Know Thy Legal Tool Provider
One of the best things you can do to protect law firm data is to really know what sort of data security your online legal tool program provides to you. This information is very simple to find. Go to their webpage. The most reputable and trusted companies either have their security information on their home page or they have it in an easy to find location, such as the page devoted to features or a page devoted to how they protect data.

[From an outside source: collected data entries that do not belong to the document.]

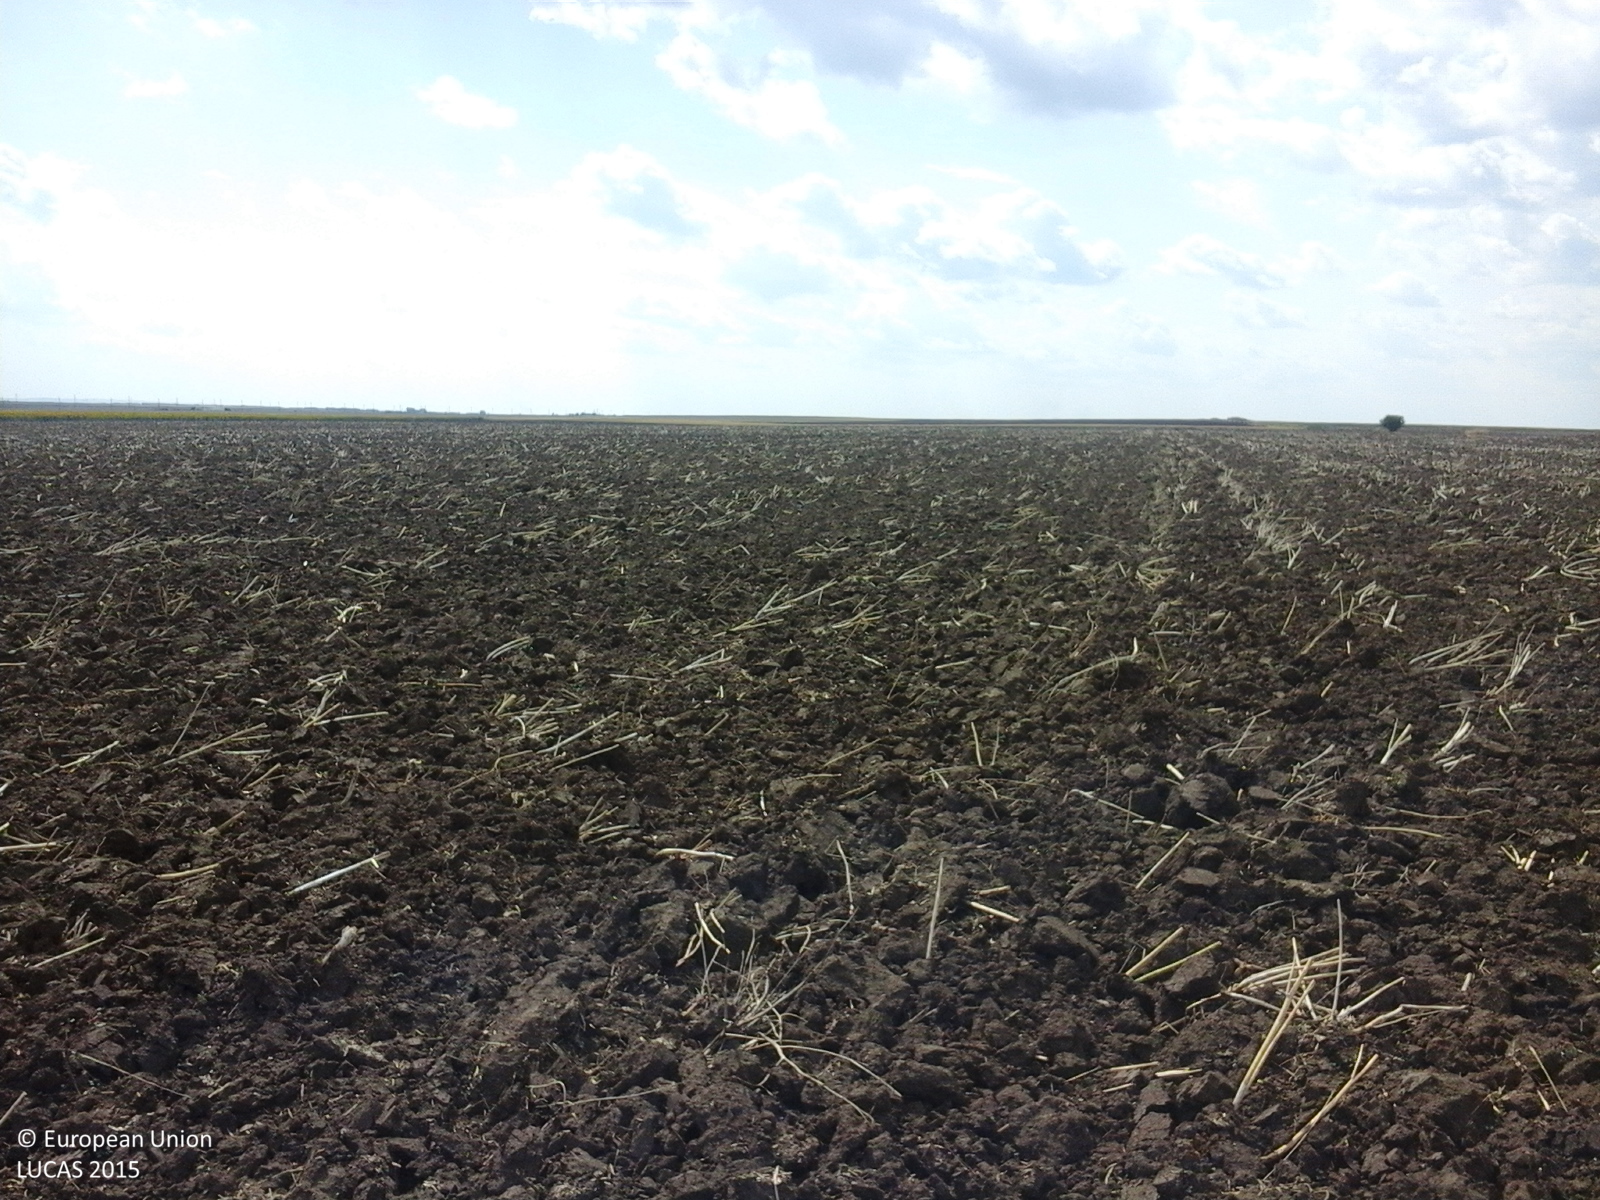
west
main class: Cropland
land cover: Rape and turnip rape
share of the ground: < 10 %
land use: Agriculture (excluding fallow land and kitchen gardens)
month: July
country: RO
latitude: 43.8088
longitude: 24.3197

Then, consult Google. Look them up with the words “hack,” “data breach,” “ransomware,” “malware” or “back door.” The goal of this is to determine if the provider has known problems. This is particularly important because while the major industry software players will create patches and fixes for known issues, other companies may not do this. The best companies will make on-going data security a main concern. They know they won’t continue to have a viable future without staying on top of potential security issues.
Consider Whether Your Firm Needs a Policy Limiting Personal Device Use
Sometimes, law firm data isn’t compromised through an office workstation. It’s compromised because law firm employees use their own personal devices to work on client matters. And that can be a serious risk. Depending on the type of law that you do, you may need to create and enforce a policy that limits personal device use for firm matters. Yes, that may seem extreme in a world where everyone works from a remote location at least on an occasional basis. However, personal devices may not be secure. You may want to talk with a data security professional to assess whether this is necessary for your law firm.
Use Secured Passwords for Every Program
Everyone in your law firm should use secure passwords for different programs. Ideally, they should not use the same password for every program. Don’t use common passwords. (And please don’t participate in the “I want to learn more about you…where did you go to school in first grade? Where did you graduate? What was your first car? Favorite teacher?” social media “game.” Those ask a lot of password reset questions.)
One option is for everyone to use LastPass or 1Password to help establish and store secured passwords. Randomly generated passwords, such as those that both of the previously mentioned programs can generate, are the most secure.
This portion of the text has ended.